Table 4 shows the performance ratios that are the 2-approximation solution over the optimal solution and the heuristic solution over the optimal solution on the simulation set D(5, 5) and other random partitions for k = 3, 4, 5. It is also clear that Table 4 shows that the partition-distances of our solutions are at most twice the partition-distances of the optimal solutions.
Each value is an average over 100 instances with ±0.0018 SD.

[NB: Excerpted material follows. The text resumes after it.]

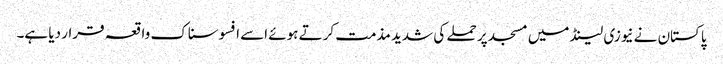
پاکستان نے نیوزی لینڈ میں مسجد پر حملے کی شدید مذمت کرتے ہوئے اسے افسوسناک واقعہ قرار دیا ہے۔

4.4. Interactive website version
A website to implement Gusfield's (2002) and our algorithms is available at http://mail.tmue.edu.tw/∼yhchen/KPDP.html. We give five input types: (1) user mode, (2) random mode, (3) D(λ, 1) mode, (4) D(λ, 10) mode, and (5) D(λ, any) mode. And we give four algorithms: (a) 2-approximation algorithm, (b) heuristic algorithm, (c) Gusfield's (2002) algorithm (i.e., an exact algorithm for the 2-PD problem), and (d) exact algorithm for k > 2. Before activating the algorithms on the website, you need to fill in the number of partitions (k), the maximum number of clusters of these k partitions (ρ), the maximum number of elements per cluster (Nmax), the number of elements (|N|), and select an input type. If you select the user mode, you need to fill in each element to its cluster for each partition Pi, 1 ≤ i ≤ k sequentially. If you choose (3) and (4) modes, all partitions are generated by Sections 4.1 and 4.2, respectively. If you choose (5) mode, you need to fill in each element to its cluster for the first partition P1, sequentially. Other partitions are randomly generated. After the aforementioned settings, you merely select one algorithm and enter “Run” button to obtain the corresponding solutions to the k-PD problem.
5. Conclusion
In this article, we have shown the first known exact, heuristic, and 2-approximation algorithms for the k-PD problem. It would be interesting and challenging to find a better exact or approximation algorithm for the k-PD problem. Another interesting topic for future research could involve studying whether the 2-PD problem can be exactly solved in O(ρ · |N|) time.
Footnotes
Acknowledgments
We would like to thank Prof. Shyong Jian Shyu and the anonymous referees, whose useful comments helped to improve this article. This work was supported in part by the National Science Council of the Republic of China under Contract NSC NSC 98-2221-E-133-002.
Disclosure Statement
No competing financial interests exist.